Supreme Court of North Carolina
Feb 1, 1896
24 S.E. 364 (N.C. 1896)

Summary

In Guano Co. v. Bryan, 118 N.C. 578, the answer shows that the denial of misappropriation is not based upon the defendant's not appropriating (99) the goods to his own use, but upon the legal construction he put upon the contract.

Summary of this case from Grocery Co. v. Davis

Opinion

(February Term, 1896.)

CONTRACT, CONSTRUCTION OF — TRUST RELATION — TRUST FUND — CONVERSION — PLEADING — JUDGMENT NON OBSTANTE VEREDICTO.

1. Where a contract between plaintiff and defendant was that the former should sell to the latter certain goods, to be paid for by the notes of defendant, who was to deliver to plaintiff all notes taken from purchasers of the goods as collateral security for the payment of defendant's notes, with the further provision that all of said goods, together with the proceeds of sale thereof, should be held in trust for the plaintiff: Held, that the contract not only created the relation of debtor and creditor, but also made the defendant trustee for the plaintiff of all the notes and cash derived from the sale of the goods, and therefore liable in damages for the conversion thereof.

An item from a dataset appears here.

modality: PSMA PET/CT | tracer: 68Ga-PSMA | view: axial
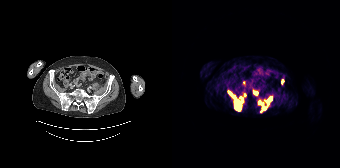
Coordinates are on the 168×168 PET (right) panel. (showing 7 of 9 foci) PSMA-avid tumor lesion bounding boxes (x0,y0,x1,y1): [56,91,69,110] [94,97,100,104] [81,91,86,94] [86,101,91,104] [88,106,93,112] [109,79,111,84]. Small PSMA-avid focus (2 to 4 px across) near (center x, center y): (71, 82).

2. Where, in an action on such contract, the defendant admitted the execution of the contract and the collection of enough from the sales of the goods to pay his notes, but denied the embezzlement and conversion which the complaint charged against him, and the jury responded negatively to an issue as to the wrongful conversion by the defendant of the proceeds of the sales of the goods; Held, that a judgment non obstante veredicto ought to have been rendered for the plaintiff.

(577) ACTION for conversion of trust funds, tried before Greene, J., and a jury, at January Term, 1896, of MOORE.

Douglass Spence for plaintiff.

W. E. Murchison for defendants.


There was a verdict for the defendant, and from judgment thereon and the refusal of a motion for judgment non obstante veredicto the plaintiff appealed.

The facts are sufficiently stated in the opinion of Associate Justice Montgomery.

The contract referred to in the opinion was as follows:

"To Messrs. Bryan Co., Jonesboro, N.C. :

"We have this day sold you for delivery during the ensuing season, to be shipped or ordered by you in not less than car-load lots, with the privilege of as much more as may be mutually satisfactory, the following fertilizers: ten tons Patapsco guano, $23 per ton — 2,000 pounds, in bags; (_____ tons acid phosphate, $ _____), the above to be delivered f. o. b. at Jonesboro, N.C. and is to be settled for by your note or notes, payable to our order, to be given at any time we may call for same after shipment of goods, and made payable at banking office of S. H. Buchanan, Jonesboro, N.C. and to mature as follows: 1 and 15 November and 15 December, 1891.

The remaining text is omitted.